Joe Biden’s defenders will surely argue that, had Hunter been an ordinary citizen, the gun case wouldn’t have gotten this far, and that his father simply righted that wrong. Republicans have hyped investigations into Hunter for years, but it turned up no evidence linking his father to corruption.
Eric Holder, former attorney general, wrote on social media that no U.S. attorney “would have charged this case given the underlying facts. After a five-year investigation, the discovered facts only made that clear. If his name had been Joe Smith, the resolution would have been – fundamentally and more honestly – a declination. Apologies warranted.”
It was also noted that this is not the first time that pardons have smacked of nepotism. As president, Bill Clinton pardoned his half-brother on old cocaine charges, and Trump pardoned Jared Kushner’s father, his son-in-law, for tax evasion and retaliation against a cooperating witness, even though in both cases the men had already served their sentences. prison sentences.
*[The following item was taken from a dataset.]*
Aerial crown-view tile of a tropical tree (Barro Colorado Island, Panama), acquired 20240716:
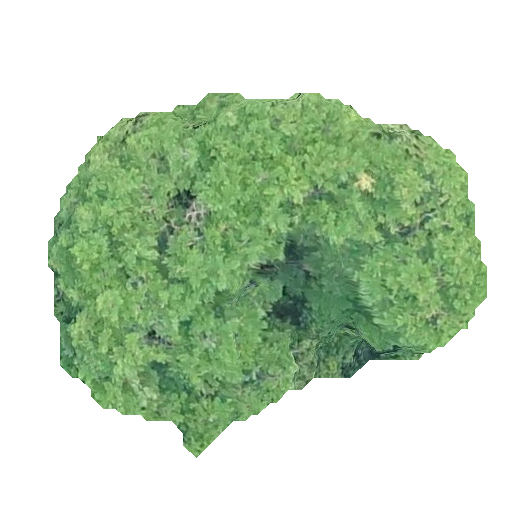
Species: Platypodium elegans
GBIF accepted scientific name: Platypodium elegans
Crown area: 175.774 m²

Trump also used the dog days of his first presidency to pardon the rogues’ gallery of Steve Bannon, Michael Flynn, Paul Manafort and Roger Stone.
And yet, for many Americans, there will be something shocking about the double standard of a president pardoning a member of his own family ahead of countless other worthwhile matters. Republicans in the House of Representatives, of course, railed with more exaggeration about the “Biden crime family.”
But there were also more thoughtful objections. Jared Polis, the Democratic governor of Colorado, wrote on social media: “While as a father I certainly understand President Joe Biden’s natural desire to help his son by pardoning him, I am disappointed that he has put family over country stated. This is a bad precedent that could be abused by future presidents and will unfortunately tarnish his reputation.”
Joe Walsh, a former Republican congressman turned Trump critic, said on the MSNBC network: “Joe Biden repeatedly said he wouldn’t do this, so he lied repeatedly. This only furthers the cynicism that people have about politics and that cynicism strengthens Trump because Trump can say, ‘I’m not a unique threat. Everyone does this. If I do something for my child, my son-in-law, anything, look, Joe Biden is doing the same thing.” I understand, but this was a selfish move by Biden, which only makes Trump stronger politically. It just deflates.”
The Trump context is impossible to ignore in this moral maze. Next month he will become the first convicted criminal to be sworn in as president, although three cases against him have all but been dismissed. He’s already appointing loyalists to the FBI and Justice Department.
Michelle Obama once advised: When they go low, we go high. On Sunday, Joe Biden, 82 and heading for the exit with little to lose, decided to go low. Maybe it was what any parent would have done.